То, что еще секунду назад было правильным, может стать ошибочным уже в следующий миг. Со слишком поздними поправками мы можем попасть в такое же затруднительное положение, словно и вовсе не реагировали на ситуацию. При такой игре в реакцию и ответную реакцию наша жизнь будет зависеть от каких-то секунд. От градусов положения рулей глубины и углов перекладки, от режима работы электродвигателей. Без головокружения этого не продумаешь.

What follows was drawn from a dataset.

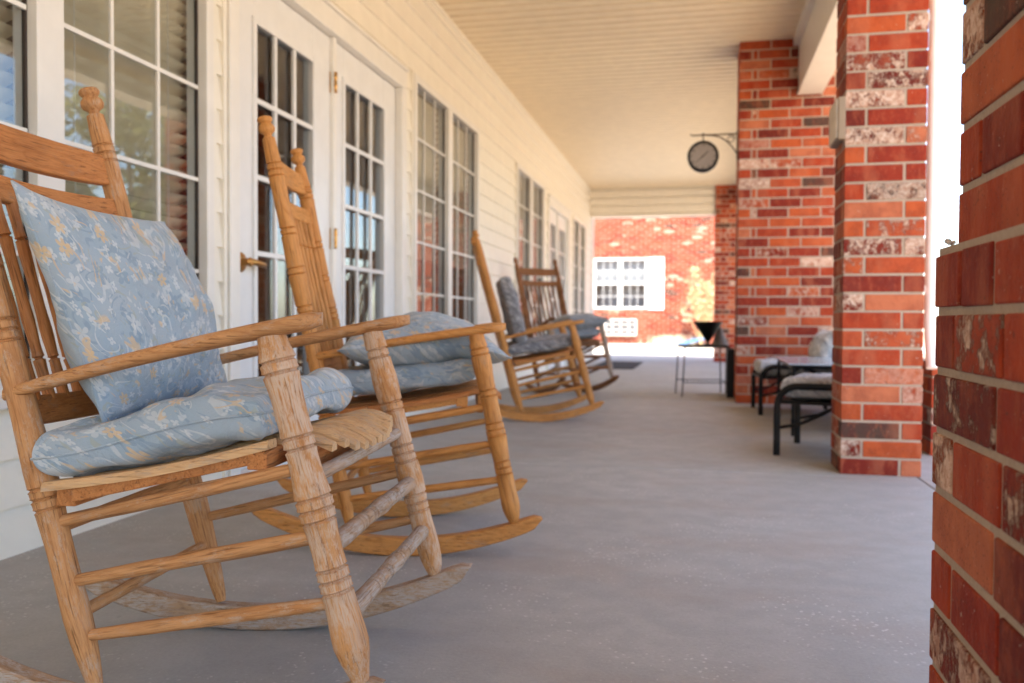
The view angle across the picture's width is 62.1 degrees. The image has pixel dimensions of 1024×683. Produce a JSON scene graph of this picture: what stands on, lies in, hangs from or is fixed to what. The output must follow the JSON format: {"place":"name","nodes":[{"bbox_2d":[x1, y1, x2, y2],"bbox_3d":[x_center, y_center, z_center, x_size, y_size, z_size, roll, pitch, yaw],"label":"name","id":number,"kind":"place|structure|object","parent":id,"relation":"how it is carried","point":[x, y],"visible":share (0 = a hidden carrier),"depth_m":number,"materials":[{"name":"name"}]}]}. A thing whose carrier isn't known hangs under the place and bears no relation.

Протискиваюсь очень медленно так далеко вперед, что могу видеть и проход к носовому отсеку, а вместе с тем и акустика, далеко высунувшегося из своей выгородки.
По страдальческому выражению его лица делаю вывод, что сейчас снова будет дробь щелчков по корпусу. А он, кажется, уже услышал звук сброса глубинных бомб.
Ладно, приготовимся: тверже напрячь брюшные мышцы, создать давление на кишки и одновременно сжать ягодичные мышцы! Глаза закрыть!
Два резких взрыва молотят по нам. Темнота… Внезапно чувствую руками жирные листы настила. Что это? Я что, свалился на пол? Невероятно: бомбы оторвали меня от штенгеля. Наверное, от того, что я не слишком крепко держался за трубу подо мной. Обеими руками, словно тисками, следовало мне сделать это. Кстати, что это за труба? Куда эта ледяная труба, собственно говоря, ведет?
Внезапно во мне поднимается глухая ярость: Я сбит с ног! Эти свиньи сбили меня на пол! Я не был готов к такому подлому удару. Ведь именно в эту секунду я еще недостаточно закрепился.